Evaluators¶
Evaluation system for measuring extraction quality.
Evaluator Overview¶
| Evaluator | Alias | When to Use | Data Types | Speed | Accuracy |
|---|---|---|---|---|---|
| StringCheckEvaluator | exact |
Precise values that must match exactly (IDs, codes, exact strings) | Strings | Fast | Exact |
| LevenshteinEvaluator | levenshtein |
Text with minor spelling or formatting differences | Strings | Fast | Fuzzy |
| TextSimilarityEvaluator | text_similarity |
Text where meaning matters more than exact wording | Strings | Medium | Semantic |
| ScoreJudge | score_judge |
Numeric scores or ratings needing quality assessment | Numbers | Slow | LLM-based |
| LabelModelGrader | label_model_grader |
Classification labels needing context-aware evaluation | Labels/Categories | Slow | LLM-based |
| PythonCodeEvaluator | python_code |
Custom evaluation logic for complex business rules | Any | Medium | Custom |
| PredefinedScoreEvaluator | predefined_score |
Pre-computed scores (no evaluation needed) | Any | Fastest | Pre-computed |
Quick Selection Guide¶
- Exact match needed? → Use
exact(StringCheckEvaluator) - Minor variations OK? → Use
levenshtein(LevenshteinEvaluator) - Semantic similarity? → Use
text_similarity(TextSimilarityEvaluator) - Complex evaluation? → Use
score_judgeorlabel_model_grader - Custom logic? → Use
python_code(PythonCodeEvaluator) - Already have scores? → Use
predefined_score(PredefinedScoreEvaluator)
API Reference¶
BaseEvaluator ¶
Bases: Protocol
Protocol for all evaluators.
All evaluators must implement the evaluate method that takes extracted and expected values and returns a score between 0.0 and 1.0.
Functions¶
evaluate ¶
Evaluate extracted value against expected value.
Parameters:
| Name | Type | Description | Default |
|---|---|---|---|
extracted
|
Any
|
The extracted value to evaluate. |
required |
expected
|
Any
|
The expected value to compare against. |
required |
input_data
|
dict[str, Any] | None
|
Optional input data dictionary for context. |
None
|
field_path
|
str | None
|
Optional field path (e.g., "name", "address.street") for context. |
None
|
Returns:
| Type | Description |
|---|---|
float
|
Score between 0.0 and 1.0, where 1.0 is a perfect match. |
Source code in src/dspydantic/evaluators/config.py
StringCheckEvaluator ¶
Evaluator that performs exact string matching.
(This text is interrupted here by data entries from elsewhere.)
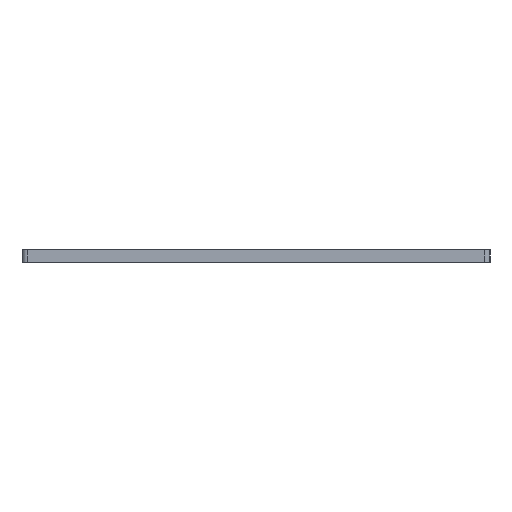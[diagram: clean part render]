
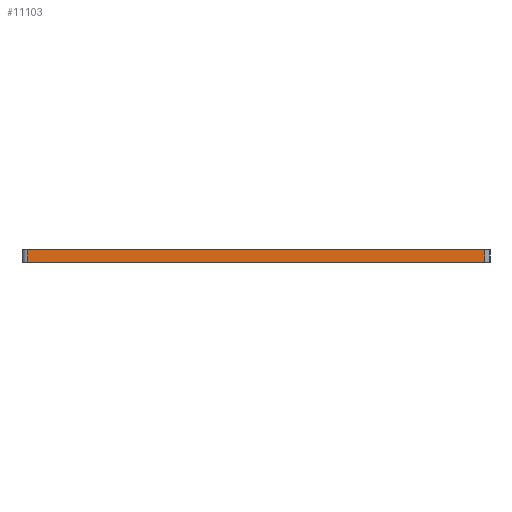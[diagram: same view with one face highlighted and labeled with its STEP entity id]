
A CAD part, left-side view. The second image highlights one B-rep face of the part: STEP entity #11103.
In plain terms, the highlighted planar face has unit normal (-1, 0, 0).
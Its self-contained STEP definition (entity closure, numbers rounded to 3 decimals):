
#2242=CARTESIAN_POINT('',(230.,-113.05,11.));
#2243=VERTEX_POINT('',#2242);
#2251=CARTESIAN_POINT('',(230.,-1.25,11.));
#2252=VERTEX_POINT('',#2251);
#2253=CARTESIAN_POINT('',(230.,-113.05,11.));
#2254=DIRECTION('',(0.,1.,0.));
#2255=VECTOR('',#2254,111.8);
#2256=LINE('',#2253,#2255);
#2257=EDGE_CURVE('',#2243,#2252,#2256,.T.);
#11073=CARTESIAN_POINT('',(230.,-57.15,14.));
#11074=DIRECTION('',(-1.,0.,0.));
#11075=DIRECTION('',(0.,0.,1.));
#11076=AXIS2_PLACEMENT_3D('',#11073,#11074,#11075);
#11077=PLANE('',#11076);
#11078=CARTESIAN_POINT('',(230.,-113.05,14.));
#11079=VERTEX_POINT('',#11078);
#11080=CARTESIAN_POINT('',(230.,-1.25,14.));
#11081=VERTEX_POINT('',#11080);
#11082=CARTESIAN_POINT('',(230.,-113.05,14.));
#11083=DIRECTION('',(0.,1.,0.));
#11084=VECTOR('',#11083,111.8);
#11085=LINE('',#11082,#11084);
#11086=EDGE_CURVE('',#11079,#11081,#11085,.T.);
#11087=ORIENTED_EDGE('',*,*,#11086,.T.);
#11088=CARTESIAN_POINT('',(230.,-1.25,14.));
#11089=DIRECTION('',(0.,0.,-1.));
#11090=VECTOR('',#11089,3.);
#11091=LINE('',#11088,#11090);
#11092=EDGE_CURVE('',#11081,#2252,#11091,.T.);
#11093=ORIENTED_EDGE('',*,*,#11092,.T.);
#11094=ORIENTED_EDGE('',*,*,#2257,.F.);
#11095=CARTESIAN_POINT('',(230.,-113.05,11.));
#11096=DIRECTION('',(-0.,-0.,1.));
#11097=VECTOR('',#11096,3.);
#11098=LINE('',#11095,#11097);
#11099=EDGE_CURVE('',#2243,#11079,#11098,.T.);
#11100=ORIENTED_EDGE('',*,*,#11099,.T.);
#11101=EDGE_LOOP('',(#11087,#11093,#11094,#11100));
#11102=FACE_BOUND('',#11101,.T.);
#11103=ADVANCED_FACE('',(#11102),#11077,.T.);
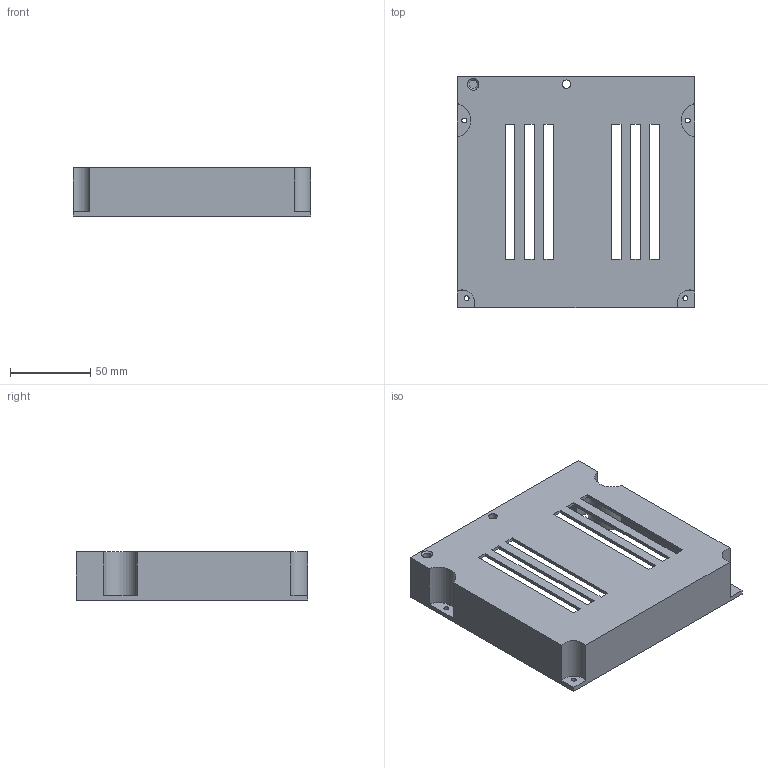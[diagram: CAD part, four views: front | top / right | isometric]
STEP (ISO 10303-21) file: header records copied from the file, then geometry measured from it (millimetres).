
FILE_DESCRIPTION(('FreeCAD Model'),'2;1');
FILE_NAME('Open CASCADE Shape Model','2024-09-17T17:34:44',(''),(''), 'Open CASCADE STEP processor 7.7','FreeCAD','Unknown');
FILE_SCHEMA(('AP242_MANAGED_MODEL_BASED_3D_ENGINEERING_MIM_LF. {1 0 10303 442 1 1 4 }'));
Length unit declared in the file: millimetre
Products named in the file (1): Right Backplane
Bounding box: 148 x 144 x 30 mm (x, y, z)
Volume: 88316.1 mm3; surface area: 68718.1 mm2
Topology: 1 solids, 1 shells, 129 faces, 346 edges, 228 vertices
Faces by surface type: plane 110, cylinder 17, cone 2
Full cylindrical faces by diameter (mm): 3 x4, 5.3 x2
Entity records: 4038 total; most frequent: CARTESIAN_POINT 706, ORIENTED_EDGE 692, DIRECTION 642, EDGE_CURVE 346, LINE 306, VECTOR 306, VERTEX_POINT 228, AXIS2_PLACEMENT_3D 168
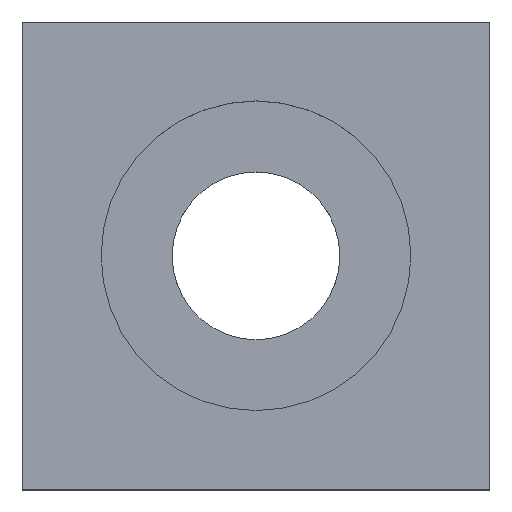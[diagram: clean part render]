
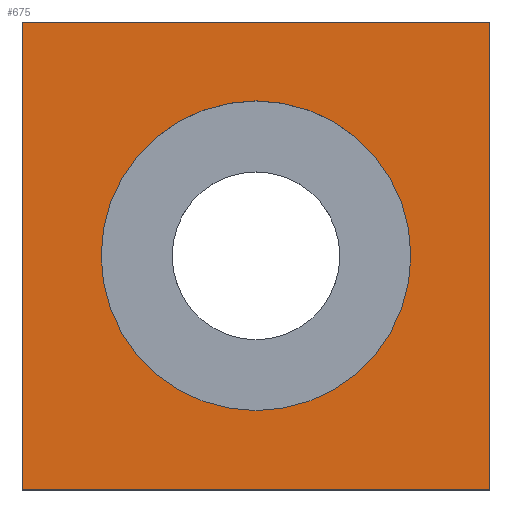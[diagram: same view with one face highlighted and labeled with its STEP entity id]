
A CAD part, top view. The second image highlights one B-rep face of the part: STEP entity #675.
In plain terms, the highlighted planar face has unit normal (0, 0, 1).
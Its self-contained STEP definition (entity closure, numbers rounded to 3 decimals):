
#18 = DIRECTION ( 'NONE',  ( 0., -1., 0. ) ) ;
#177 = VERTEX_POINT ( 'NONE', #1016 ) ;
#281 = EDGE_CURVE ( 'NONE', #2408, #2016, #2631, .T. ) ;
#329 = DIRECTION ( 'NONE',  ( 0., 1., 0. ) ) ;
#340 = CARTESIAN_POINT ( 'NONE',  ( 0., 0., 4.8 ) ) ;
#422 = VECTOR ( 'NONE', #2048, 1000. ) ;
#437 = CARTESIAN_POINT ( 'NONE',  ( 0., 2.65, 4.8 ) ) ;
#449 = CARTESIAN_POINT ( 'NONE',  ( -4., -4., 4.8 ) ) ;
#504 = CARTESIAN_POINT ( 'NONE',  ( 4., -4., 4.8 ) ) ;
#675 = ADVANCED_FACE ( 'NONE', ( #2391, #1257 ), #2627, .F. ) ;
#694 = VERTEX_POINT ( 'NONE', #1090 ) ;
#703 = VECTOR ( 'NONE', #1274, 1000. ) ;
#724 = CARTESIAN_POINT ( 'NONE',  ( 0., 0., 4.8 ) ) ;
#855 = ORIENTED_EDGE ( 'NONE', *, *, #281, .T. ) ;
#882 = VECTOR ( 'NONE', #1750, 1000. ) ;
#893 = LINE ( 'NONE', #1576, #882 ) ;
#955 = ORIENTED_EDGE ( 'NONE', *, *, #2534, .F. ) ;
#1006 = DIRECTION ( 'NONE',  ( 0., 1., 0. ) ) ;
#1016 = CARTESIAN_POINT ( 'NONE',  ( 0., -2.65, 4.8 ) ) ;
#1090 = CARTESIAN_POINT ( 'NONE',  ( 4., 4., 4.8 ) ) ;
#1157 = CARTESIAN_POINT ( 'NONE',  ( 4., 4., 4.8 ) ) ;
#1257 = FACE_OUTER_BOUND ( 'NONE', #2214, .T. ) ;
#1274 = DIRECTION ( 'NONE',  ( 1., 0., 0. ) ) ;
#1427 = AXIS2_PLACEMENT_3D ( 'NONE', #2378, #2426, #1548 ) ;
#1451 = DIRECTION ( 'NONE',  ( 0., 0., 1. ) ) ;
#1522 = EDGE_LOOP ( 'NONE', ( #955, #1817 ) ) ;
#1538 = VECTOR ( 'NONE', #18, 1000. ) ;
#1548 = DIRECTION ( 'NONE',  ( 0., -1., 0. ) ) ;
#1576 = CARTESIAN_POINT ( 'NONE',  ( 4., -4., 4.8 ) ) ;
#1659 = CIRCLE ( 'NONE', #2171, 2.65 ) ;
#1666 = CARTESIAN_POINT ( 'NONE',  ( -4., 4., 4.8 ) ) ;
#1750 = DIRECTION ( 'NONE',  ( 0., 1., 0. ) ) ;
#1754 = EDGE_CURVE ( 'NONE', #694, #2643, #1815, .T. ) ;
#1815 = LINE ( 'NONE', #1157, #422 ) ;
#1817 = ORIENTED_EDGE ( 'NONE', *, *, #2501, .F. ) ;
#1897 = VERTEX_POINT ( 'NONE', #437 ) ;
#1899 = ORIENTED_EDGE ( 'NONE', *, *, #2299, .T. ) ;
#1972 = EDGE_CURVE ( 'NONE', #2643, #2408, #2694, .T. ) ;
#2000 = CARTESIAN_POINT ( 'NONE',  ( -4., 4., 4.8 ) ) ;
#2016 = VERTEX_POINT ( 'NONE', #504 ) ;
#2048 = DIRECTION ( 'NONE',  ( -1., 0., 0. ) ) ;
#2171 = AXIS2_PLACEMENT_3D ( 'NONE', #724, #2716, #329 ) ;
#2176 = ORIENTED_EDGE ( 'NONE', *, *, #1972, .T. ) ;
#2214 = EDGE_LOOP ( 'NONE', ( #2598, #2176, #855, #1899 ) ) ;
#2299 = EDGE_CURVE ( 'NONE', #2016, #694, #893, .T. ) ;
#2309 = CIRCLE ( 'NONE', #2773, 2.65 ) ;
#2378 = CARTESIAN_POINT ( 'NONE',  ( 0., 0., 4.8 ) ) ;
#2391 = FACE_BOUND ( 'NONE', #1522, .T. ) ;
#2408 = VERTEX_POINT ( 'NONE', #2756 ) ;
#2426 = DIRECTION ( 'NONE',  ( 0., 0., -1. ) ) ;
#2501 = EDGE_CURVE ( 'NONE', #177, #1897, #1659, .T. ) ;
#2534 = EDGE_CURVE ( 'NONE', #1897, #177, #2309, .T. ) ;
#2598 = ORIENTED_EDGE ( 'NONE', *, *, #1754, .T. ) ;
#2627 = PLANE ( 'NONE',  #1427 ) ;
#2631 = LINE ( 'NONE', #449, #703 ) ;
#2643 = VERTEX_POINT ( 'NONE', #1666 ) ;
#2694 = LINE ( 'NONE', #2000, #1538 ) ;
#2716 = DIRECTION ( 'NONE',  ( 0., 0., 1. ) ) ;
#2756 = CARTESIAN_POINT ( 'NONE',  ( -4., -4., 4.8 ) ) ;
#2773 = AXIS2_PLACEMENT_3D ( 'NONE', #340, #1451, #1006 ) ;
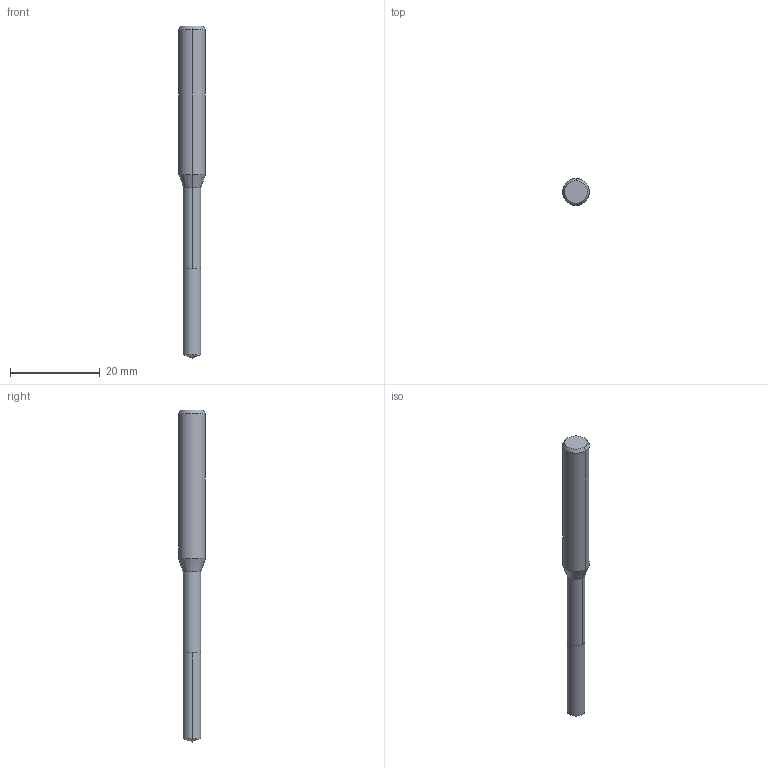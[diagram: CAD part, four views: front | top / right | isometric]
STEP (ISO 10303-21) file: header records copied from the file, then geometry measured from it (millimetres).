
FILE_DESCRIPTION(('no description'),'unknown implementation level');
FILE_NAME('solid162F6hsBNWNxOlcTVwmG_ulFMws_1.STP',' ',('CIMSOURCE GmbH'),('CADClick - KiM GmbH - www.kimweb.de'),'unknown preprocess','ACIS','unknown authorization');
FILE_SCHEMA(('automotive_design'));
Length unit declared in the file: millimetre
Products named in the file (2): NOCUT; CUT
Bounding box: 6 x 6 x 74 mm (x, y, z)
Volume: 1454.1 mm3; surface area: 1197.1 mm2
Topology: 2 solids, 2 shells, 28 faces, 67 edges, 41 vertices
Faces by surface type: cylinder 14, plane 8, cone 6
Entity records: 1799 total; most frequent: CARTESIAN_POINT 356, DIRECTION 139, STYLED_ITEM 136, PRESENTATION_STYLE_ASSIGNMENT 136, COLOUR_RGB 136, ORIENTED_EDGE 130, EDGE_CURVE 65, CURVE_STYLE 65

Best for IDs, codes, enums, and other values that must match exactly.
Parameters:
| Name | Type | Description | Default |
|---|---|---|---|
config
|
dict[str, Any]
|
Configuration dictionary with options: - case_sensitive (bool): Whether comparison is case-sensitive (default: True) - strip_whitespace (bool): Whether to strip whitespace (default: True) |
required |
Example
evaluator = StringCheckEvaluator(config={}) evaluator.evaluate("ABC123", "ABC123") 1.0 evaluator.evaluate("abc123", "ABC123") # Case mismatch 0.0 evaluator.evaluate(" ABC123 ", "ABC123") # Whitespace stripped 1.0
Case-insensitive matching:
evaluator = StringCheckEvaluator(config={"case_sensitive": False}) evaluator.evaluate("abc123", "ABC123") 1.0
Initialize StringCheckEvaluator.
Parameters:
| Name | Type | Description | Default |
|---|---|---|---|
config
|
dict[str, Any]
|
Configuration dictionary with case_sensitive and strip_whitespace options. |
required |
Source code in src/dspydantic/evaluators/string_check.py
Functions¶
evaluate ¶
Evaluate using exact string matching.
Parameters:
| Name | Type | Description | Default |
|---|---|---|---|
extracted
|
Any
|
Extracted value. |
required |
expected
|
Any
|
Expected value. |
required |
input_data
|
dict[str, Any] | None
|
Optional input data (not used). |
None
|
field_path
|
str | None
|
Optional field path (not used). |
None
|
Returns:
| Type | Description |
|---|---|
float
|
Score 1.0 if match, 0.0 otherwise. |
Source code in src/dspydantic/evaluators/string_check.py
LevenshteinEvaluator ¶
Evaluator that uses Levenshtein distance for fuzzy string matching.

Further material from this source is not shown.